Over 90% Of The Most Innovative Products From The Past Few Decades Were NOT Patented

We’ve pointed out over and over and over again that patents are not a proxy for innovation. In fact, there’s little to connect the two at all, except potentially for how patents can hinder and hold back the pace of innovation. A new study really helps to drive home how little patents have to do with innovation. Pointed out to us by James Bessen, the study looks at “R&D 100 Awards” from the academic journal, Research & Development from 1977 to 2004. As you might expect, the R&D 100 Awards are given out each year by the journal in an attempt to name the top 100 innovations of the year. If patents were instrumental in driving innovation, you’d certainly expect most of these innovations to be patented.

But you’d be wrong, as the reports authors, Roberto Fontana, Alessandro Nuvolari, Hiroshi Shimizu and Andrea Vezzulli, quickly discovered.

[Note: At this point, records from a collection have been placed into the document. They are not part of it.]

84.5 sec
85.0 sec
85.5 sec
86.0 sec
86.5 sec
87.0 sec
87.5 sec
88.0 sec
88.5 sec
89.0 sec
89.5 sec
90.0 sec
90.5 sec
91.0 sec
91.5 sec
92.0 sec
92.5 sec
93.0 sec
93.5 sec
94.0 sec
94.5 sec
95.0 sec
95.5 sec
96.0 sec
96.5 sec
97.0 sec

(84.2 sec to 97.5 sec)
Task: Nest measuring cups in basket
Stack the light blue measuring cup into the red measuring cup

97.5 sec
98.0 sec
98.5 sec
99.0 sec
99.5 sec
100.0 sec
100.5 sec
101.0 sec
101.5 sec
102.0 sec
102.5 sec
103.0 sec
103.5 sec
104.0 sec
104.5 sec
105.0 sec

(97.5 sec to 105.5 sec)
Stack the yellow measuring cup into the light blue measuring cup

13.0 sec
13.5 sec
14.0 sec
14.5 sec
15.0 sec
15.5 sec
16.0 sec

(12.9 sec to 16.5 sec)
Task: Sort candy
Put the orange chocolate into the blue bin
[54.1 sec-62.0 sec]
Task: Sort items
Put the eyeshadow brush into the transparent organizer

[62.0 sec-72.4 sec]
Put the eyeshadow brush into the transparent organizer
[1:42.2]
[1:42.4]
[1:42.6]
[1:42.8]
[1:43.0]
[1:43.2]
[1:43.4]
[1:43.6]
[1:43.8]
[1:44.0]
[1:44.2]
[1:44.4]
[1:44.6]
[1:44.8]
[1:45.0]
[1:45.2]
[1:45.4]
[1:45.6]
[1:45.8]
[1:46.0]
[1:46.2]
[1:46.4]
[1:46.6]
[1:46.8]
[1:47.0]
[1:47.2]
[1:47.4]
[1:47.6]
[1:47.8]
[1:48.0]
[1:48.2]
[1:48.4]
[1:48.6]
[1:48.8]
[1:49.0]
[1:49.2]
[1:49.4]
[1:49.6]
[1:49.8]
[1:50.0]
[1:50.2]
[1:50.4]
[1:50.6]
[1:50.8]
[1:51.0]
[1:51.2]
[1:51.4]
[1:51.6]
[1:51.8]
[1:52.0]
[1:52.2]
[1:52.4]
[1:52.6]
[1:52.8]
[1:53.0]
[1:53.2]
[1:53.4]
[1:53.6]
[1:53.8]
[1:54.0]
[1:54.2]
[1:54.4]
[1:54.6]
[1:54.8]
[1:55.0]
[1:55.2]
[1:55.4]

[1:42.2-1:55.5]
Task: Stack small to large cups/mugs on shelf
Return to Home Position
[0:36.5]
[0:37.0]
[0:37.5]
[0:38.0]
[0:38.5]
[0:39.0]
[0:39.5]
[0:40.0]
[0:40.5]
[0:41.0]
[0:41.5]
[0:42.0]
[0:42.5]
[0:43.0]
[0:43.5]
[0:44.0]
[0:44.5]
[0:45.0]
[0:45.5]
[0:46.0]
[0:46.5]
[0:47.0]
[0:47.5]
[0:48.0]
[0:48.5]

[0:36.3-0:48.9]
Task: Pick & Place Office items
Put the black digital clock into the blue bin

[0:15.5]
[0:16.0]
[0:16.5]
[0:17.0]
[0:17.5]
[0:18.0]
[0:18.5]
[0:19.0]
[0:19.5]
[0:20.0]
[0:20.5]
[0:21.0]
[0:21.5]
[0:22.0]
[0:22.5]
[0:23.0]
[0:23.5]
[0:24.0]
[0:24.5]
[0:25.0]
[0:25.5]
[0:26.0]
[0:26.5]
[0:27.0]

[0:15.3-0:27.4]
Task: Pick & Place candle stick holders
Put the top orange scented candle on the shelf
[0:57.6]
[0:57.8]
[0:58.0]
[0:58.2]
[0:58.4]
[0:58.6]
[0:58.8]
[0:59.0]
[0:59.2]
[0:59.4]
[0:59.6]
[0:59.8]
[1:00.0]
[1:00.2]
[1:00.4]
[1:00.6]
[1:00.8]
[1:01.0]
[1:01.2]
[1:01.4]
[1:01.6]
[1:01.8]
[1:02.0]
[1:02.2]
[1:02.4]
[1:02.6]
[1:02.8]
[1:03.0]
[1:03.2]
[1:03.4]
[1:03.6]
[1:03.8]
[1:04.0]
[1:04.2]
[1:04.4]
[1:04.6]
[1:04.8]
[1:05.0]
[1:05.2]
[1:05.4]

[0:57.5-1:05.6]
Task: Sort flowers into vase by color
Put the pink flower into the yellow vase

A stunning 91% of all of the technologies receiving the prize were not actually patented. That’s covering approximately 3,000 technologies winning this award as the most innovative advancement of the year over a period of about three decades. What’s interesting to me is that this actually matches very closely with one of my favorite studies on patents, from economist Petra Moser, who looked at historical patenting rates from the 19th century using data on products displayed at the Crystal Palace exhibition of 1851 and the Centennial
exhibition in Philadelphia in 1876, which against showed very few of the “economically useful” inventions were patented. Over 80% were not patented. Of course, you might think that back in the 1800s there was less interest in patenting, but this new study suggests a rather similar rate to what Moser found from 150 years ago.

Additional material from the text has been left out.